Yeah yeah, the Canon fan boys  Here's another thought: The Panasonic GH1 and GH2 in micro 4/3 format are considered to be among the best video/still hybrid cameras out there, especially the video - these cameras are heavily used by pros who think they are ridiculously cheap compared to the $10,000+ equipment they normally use. This camera was 'hacked', i.e. there is a stable and widely used hacked software out there which brings the video of the GH1 to almost broadcast quality. The quality of the stills is not quite on DSLR level, i.e. if you want to shoot fast sports action or low light stuff, a DSLR will be better - or if you want to print in 3' x 4'... But for photography that goes on the web, this is more than sufficient. I use a GH2 as my main camera and do not see a need for anything bigger and heavier. One of the main advantages of the m4/3 format is that with cheap adapters, you can use about 95% of all lenses that were ever made on them, even though the adapted lenses will work with manual focus only (with a few exceptions of Olympus and Sigma lenses). At least worth a thought. The only downside is that, because these cameras are sought after by the video people, even the used prices are quite stable, i.e. a used body goes for around $400. But you can then invest $20-30 into an adapter and use any lens you may already have (unless it's an EOS lens, the adapter is significantly more expensive for those).

Stefan


----------



## Marko Tsourkan (Aug 25, 2011)

GH2 sounds very promising. Does the hacked software apply to this model as well? I already have DSLR (Nikon D50), so I might be able to use its lenses.

M


----------



## apicius9 (Aug 25, 2011)

I need to clarify: The GH1 is hacked and goes used for about $400/body only. The GH2 just came out not too long ago, they are working on the hack but I have not tried the current version, yet, I will wait until it feels a bit 'safer'. But the GH2 video is already very good in the official version. The GH2 bodies are $899 new, $999 with a decent but not great kit lens. They had problems producing enough of them, so prices remain high right now. 

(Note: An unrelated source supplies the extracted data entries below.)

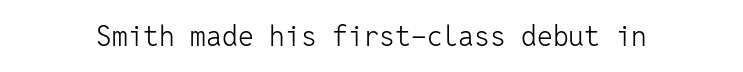
Posture: straight, roman, zero tilt. Regarding serifs, this sample does without them. Stems and bowls with no extra thickness — not bold. Clear beneath every line of the passage. Is this a fixed-width face? Yes — each glyph sits in an identical cell.
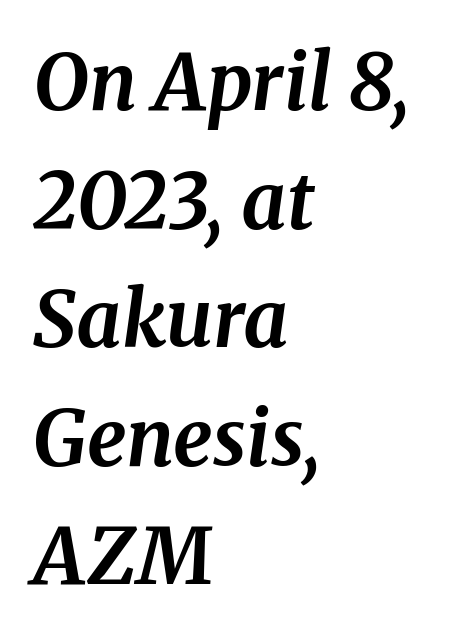
Q: Is the text bold? A: Yes.
Q: Is the text italic (slanted)? A: Yes, it leans right by about 8 degrees.
Q: Is the typeface a serif or a sans-serif typeface? A: Serif.
Q: Is the text underlined? A: No.
Q: How is the paragraph aligned? A: Left-aligned.
Q: Is the spacing between letters normal or unusually wide? A: Normal.
Q: Is the spacing between lines tight, normal or loose? A: Normal.
Q: Width (condensed, normal, or wide)? A: Normal.
Q: Stroke contrast? A: Medium.
Q: x-height? A: Medium.
Q: Monospaced? A: No.
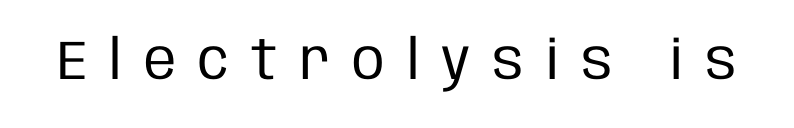
These lines are rendered in a variable-pitch font. It's the straight-up-and-down kind of type. The space beneath each line is pristine and unruled. Stems and bowls with no extra thickness — not bold.
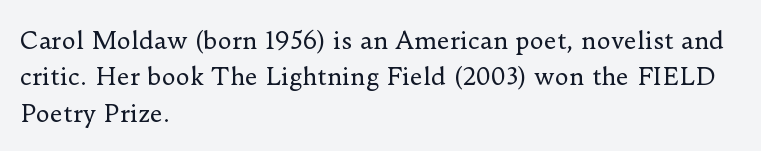
The foot of each line stays bare and open. These lines stack with their left ends in a neat column. Italic: no, the glyphs are upright roman. These lines sit exactly where default settings would place them.

My thoughts: If you want it primarily for video, a hacked/hackable used GH1 body will be fine if you have your Nikon as a camera for stills. If it will be your one and only camera, the GH2 would be better. And the other caveat: I am coming from stills photography and am reading a lot about this stuff on photoforums and www.dvxuser.com (for video people), but I am not very familiar with the pure video cameras out there, only looked at these hybrid cameras.

Stefan


----------